Hope this was helpful. Next time I’ll show you some of the variations of kinky twists I’ve been rocking since January.
I love seeing pics like these.
Model Arlene Hawkins, Harlem, 1968.
Kathleen, wife of Black Panther Eldridge Cleaver, Algeria, 1969.
Black Panthers at an Anti-Vietnam Demonstration, Washington DC, 1969.
Model, singer, novelist, actress Marcia Hunt, UK, 1969.
I started Friday when I got home around 4pm and finished up all of the front and about three rows in the back at around 1am. I did take time to cook and eat dinner, about an hour, or so. I had to go out with a scarf on my head Saturday morning because I wanted to go to Brooklyn for sample sale. I was NOT trying to miss the sale, I didn’t care WHAT my hair looked like. I got the dress I went for, then came back home and started twisting again around 4pm, finishing at around 11. I just tried to make sure my hair was really moisturized before I twisted it up and also lubricated the synthetic hair as best I could with a shea butter/olive oil/coconut oil mixture. I actually hate the feel of shea butter on my hair and hands, but I used it this time because I wanted to make sure my hair was moisturized. Every time I finished a row I sprayed it with Oyin’s Greg Juice, which I LOVE… it smells delish and moisturizes my scalp which is a bit itchy because of the synthetic hair. The hair does soften up over time, I’m hoping the Greg Juice will speed that up a bit.
So now I can now spend the rest of my summer thinking about something else besides hair. The twists are long. And BIG. And I’d kinda prefer that they weren’t so long… and big. (And get your mind OUT of the gutter! LOL! ) But right now anything beats all that constant thinking about hair. Just tonight, instead of washing and DCing and twisting or something, I cooked my meals for the week.

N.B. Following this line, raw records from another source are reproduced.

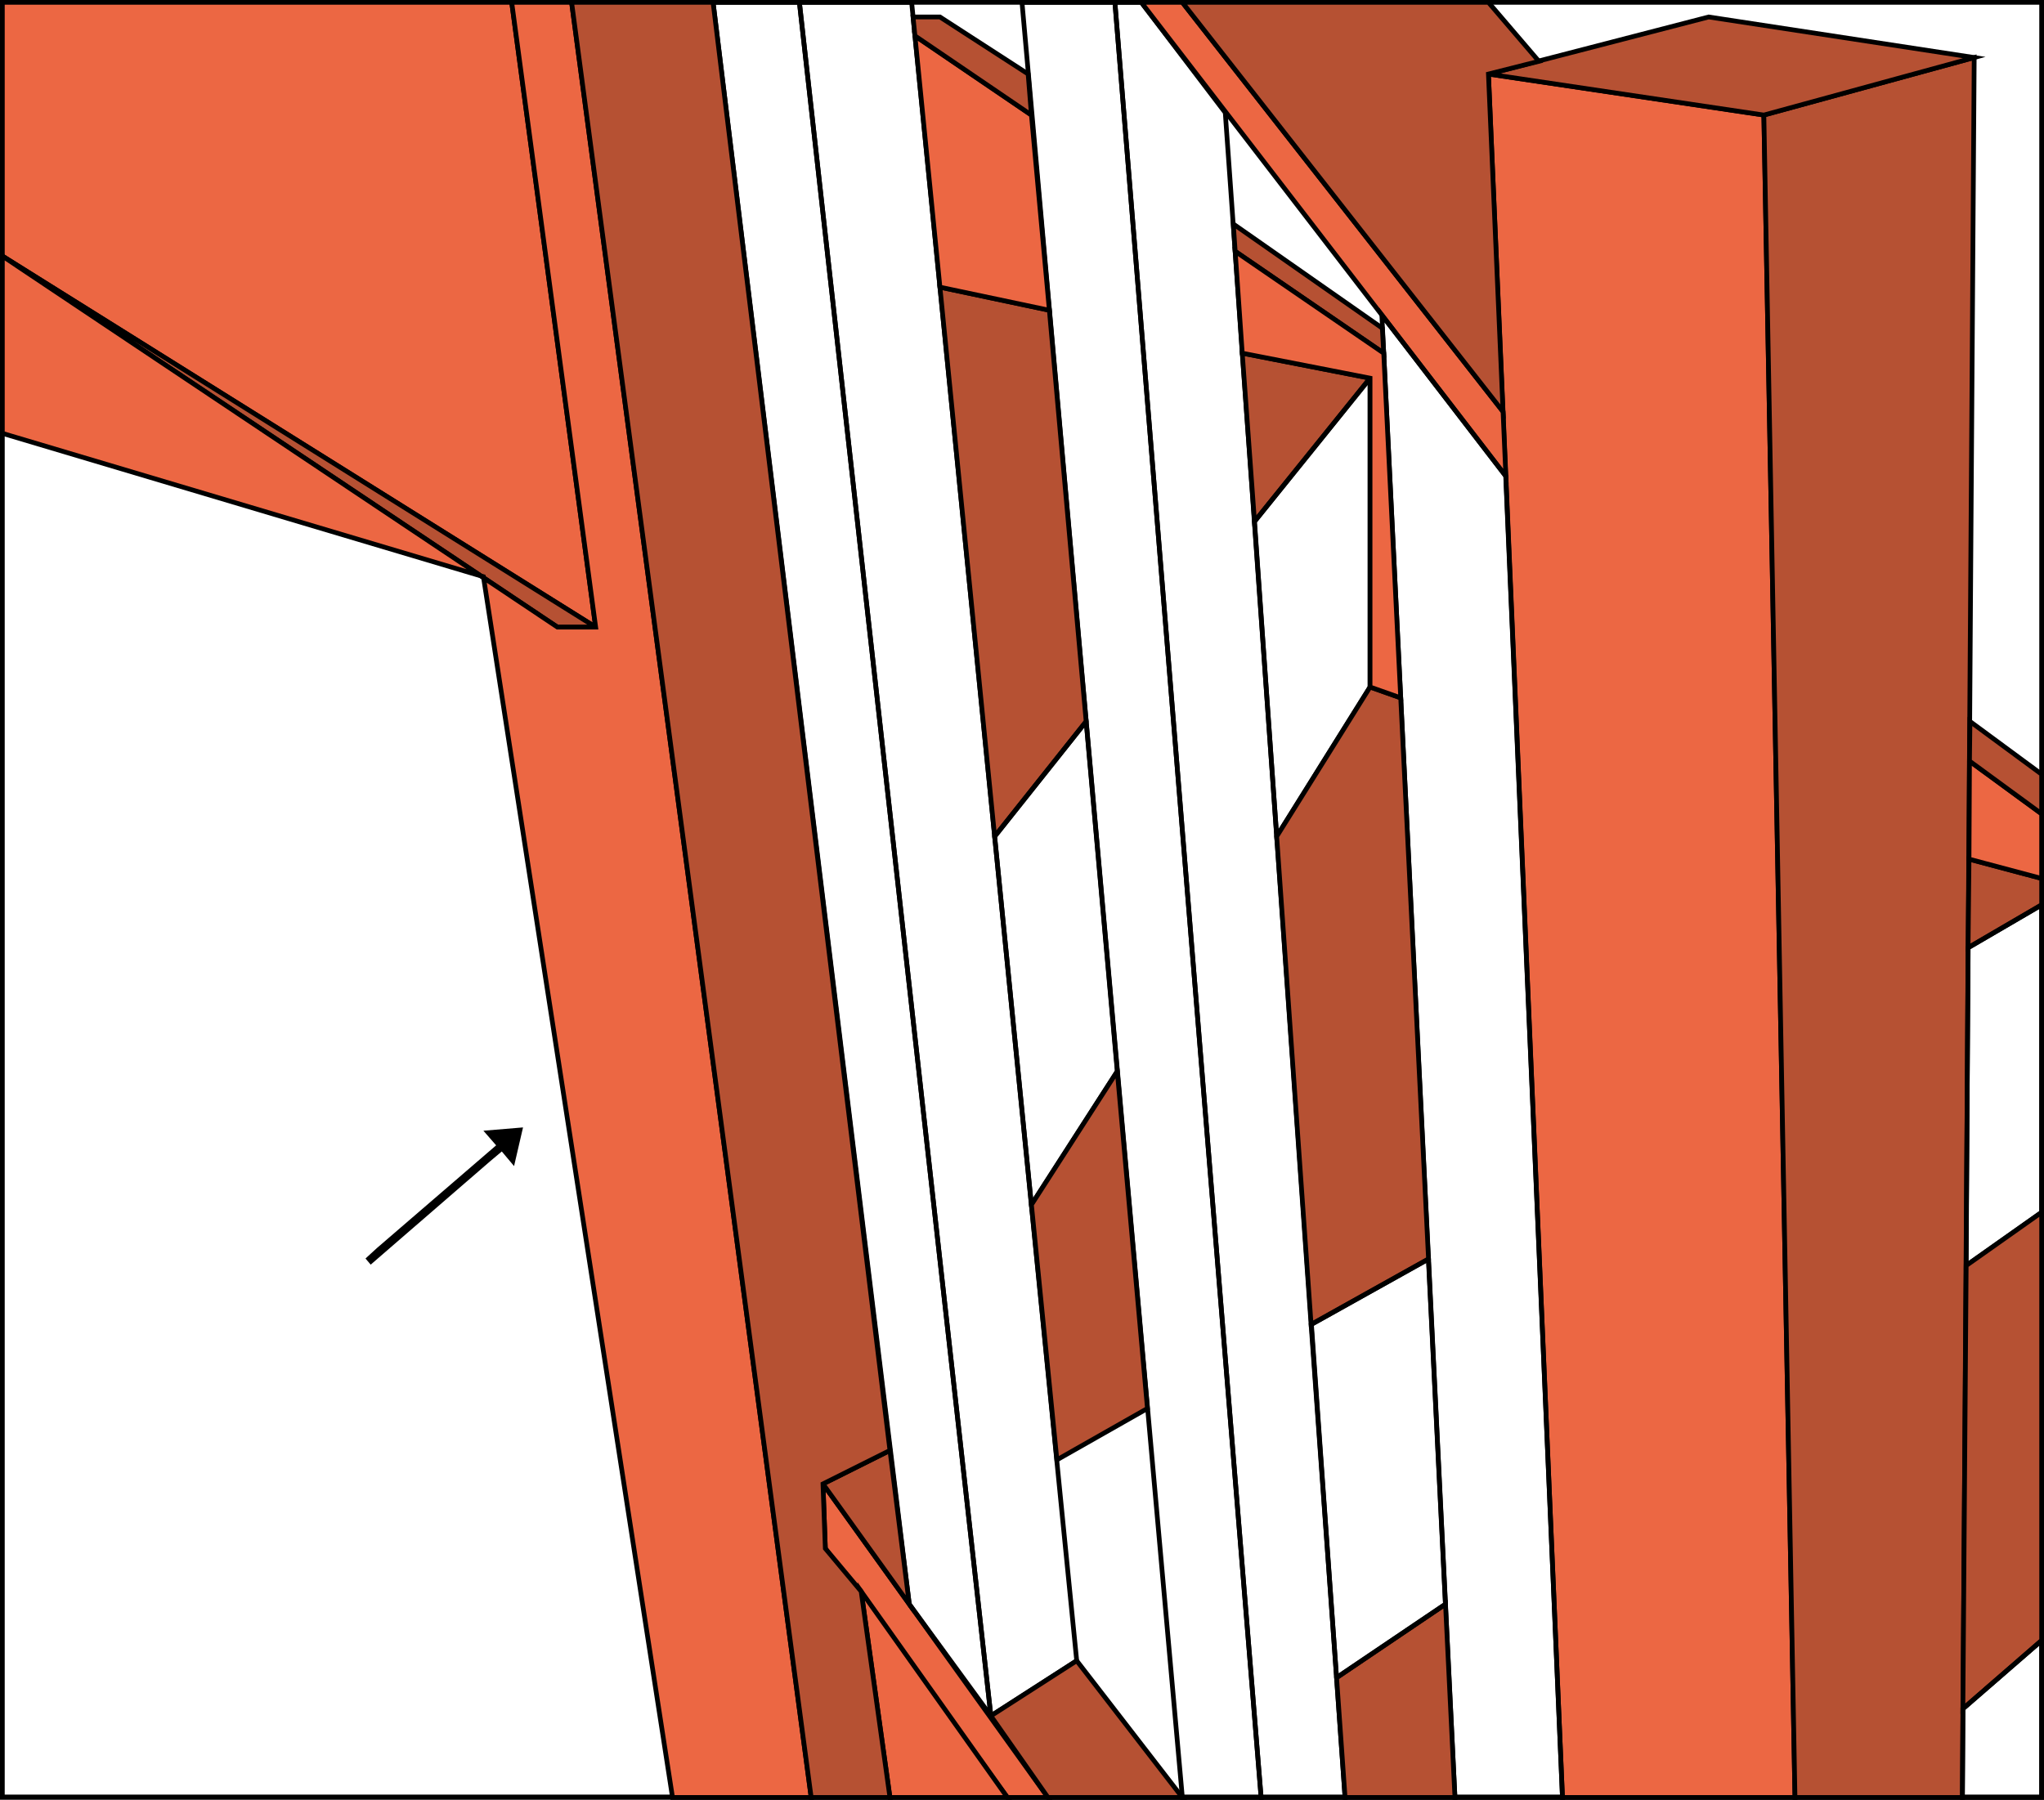 <?xml version="1.0" encoding="utf-8"?>
<!-- Generator: Adobe Illustrator 21.0.2, SVG Export Plug-In . SVG Version: 6.00 Build 0)  -->
<svg version="1.1" id="Layer_1" xmlns="http://www.w3.org/2000/svg" xmlns:xlink="http://www.w3.org/1999/xlink" x="0px" y="0px"
	 viewBox="0 0 433.4 381.7" style="enable-background:new 0 0 433.4 381.7;" xml:space="preserve">
<rect x="0" y="0" width="433.4" height="381.7" fill="#333333" stroke="none"/>
<style type="text/css">
	.st0{fill:#FFFFFF;stroke:#000000;stroke-miterlimit:10;}
	.st1{fill:#EC6743;stroke:#000000;stroke-miterlimit:10;}
	.st2{fill:#B65133;stroke:#000000;stroke-miterlimit:10;}
	.st3{fill:#B65133;}
	.st4{fill:#EC6743;}
	.st5{fill:#FFFFFF;}
	.st6{fill:none;stroke:#000000;stroke-miterlimit:10;}
	.st7{fill:none;}
</style>
<g>
	<rect x="0.5" y="0.5" class="st0" width="432.4" height="380.6"/>
	<polygon class="st1" points="108.5,0.5 126.3,133 0.5,54.3 0.5,0.5 	"/>
	<polygon class="st2" points="0.5,54.3 118.2,133 126.3,133 	"/>
	<polygon class="st6" points="169.5,0.5 210.1,363.9 228.3,352.2 193.3,0.5 	"/>
	<polygon class="st1" points="174.5,314.7 222.2,381.2 213.6,381.2 175,328.4 	"/>
	<polygon class="st1" points="182.6,337.5 188.7,381.2 213.6,381.2 	"/>
	<polygon class="st6" points="192.8,340.2 151.2,0.5 169.5,0.5 210.1,363.9 	"/>
	<polygon class="st2" points="174.5,314.7 188.7,307.6 192.8,340.2 	"/>
	<polygon class="st2" points="210.1,363.9 228.3,352.2 250.7,381.2 222.2,381.2 	"/>
	<polygon class="st6" points="216.7,0.5 250.7,381.2 267.4,381.2 236.4,0.5 	"/>
	<polygon class="st6" points="285.2,381.2 259.8,23.9 242,0.5 236.4,0.5 267.4,381.2 	"/>
	<polygon class="st1" points="315.6,15.7 331.3,381.2 380.6,381.2 374,24.4 	"/>
	<polygon class="st2" points="418.6,12.2 416.1,381.2 380.6,381.2 374,24.4 	"/>
	<polygon class="st2" points="362.3,3.6 418.6,12.2 374,24.4 315.6,15.7 	"/>
	<polygon class="st1" points="242,0.5 319.3,101 318.7,87.3 250.7,0.5 	"/>
	<polygon class="st6" points="308.5,381.2 293,66.8 319.3,101 331.3,381.2 	"/>
	<polygon class="st1" points="121.2,0.5 172,381.2 142.6,381.2 102.5,122.3 0.5,91.9 0.5,54.3 118.2,133 126.3,133 108.5,0.5 	"/>
	<polygon class="st2" points="210.9,177.4 230.3,153 222.5,65.8 199.3,60.9 	"/>
	<polygon class="st2" points="266,110.6 290.5,80.2 263.4,74.9 	"/>
	<polygon class="st6" points="218.7,255.5 236.9,227.2 230.3,153 210.9,177.4 	"/>
	<polygon class="st6" points="270.7,177.4 290.5,145.7 290.5,80.2 266,110.6 	"/>
	<polygon class="st2" points="261.5,47.5 293.1,69.6 293.4,74.9 261.9,53.3 	"/>
	<polygon class="st2" points="224.1,309.6 243.3,298.7 236.9,227.2 218.7,255.5 	"/>
	<polygon class="st2" points="278,280.9 302.9,267 297,148 290.5,145.7 270.7,177.4 	"/>
	<polygon class="st2" points="417.3,201 432.9,191.9 432.9,186.3 417.5,182.2 	"/>
	<polygon class="st1" points="417.6,161.4 432.9,172.6 432.9,186.3 417.5,182.2 	"/>
	<polygon class="st2" points="417.7,153 432.9,164.2 432.9,172.6 417.6,161.4 	"/>
	<polygon class="st6" points="416.9,268.4 432.9,257.1 432.9,191.9 417.3,201 	"/>
	<polygon class="st2" points="416.2,362.4 432.9,347.9 432.9,257.1 416.9,268.4 	"/>
	<polygon class="st6" points="416.1,381.2 432.9,381.2 432.9,347.9 416.2,362.4 	"/>
	<polygon class="st2" points="283.4,355.8 306.5,340.2 308.5,381.2 285.2,381.2 	"/>
	<polygon class="st6" points="278,280.9 283.4,355.8 306.5,340.2 302.9,267 	"/>
	<polygon class="st1" points="199.3,60.9 194,7.6 218.7,24.4 222.5,65.8 	"/>
	<polygon class="st2" points="193.6,3.6 199.3,3.6 218,15.7 218.7,24.4 194,7.6 	"/>
	<polygon class="st1" points="297,148 290.5,145.7 290.5,80.2 263.4,74.9 261.9,53.3 293.4,74.9 	"/>
	<polygon class="st2" points="315.6,0.5 326.3,13 315.6,15.7 318.7,87.3 250.7,0.5 	"/>
	<polygon class="st2" points="151.2,0.5 188.7,307.6 174.5,314.7 175,328.4 182.6,337.5 188.7,381.2 172,381.2 121.2,0.5 	"/>
</g>
<polygon points="78.6,268.2 103.9,246.3 103.9,246.3 106.4,244.2 109,247.3 110.9,239.1 102.5,239.8 105.2,242.9 79.9,264.7 
	79.9,264.7 77.5,266.9 "/>
</svg>

I’m happy with my decision to put the twists back in. I HOPE to be able to stick this out until January. I’ll still update the blog with my regimen while I have the twists in, length checks, new sets of twists, bla bla bla…
One last pic of a little tiny coil I found in my hair while I was parting. It was just so cute and coily and for a hot second I almost thought about reconsidering the twists. But then I remember this last week of sheer frustration and kept right on braiding…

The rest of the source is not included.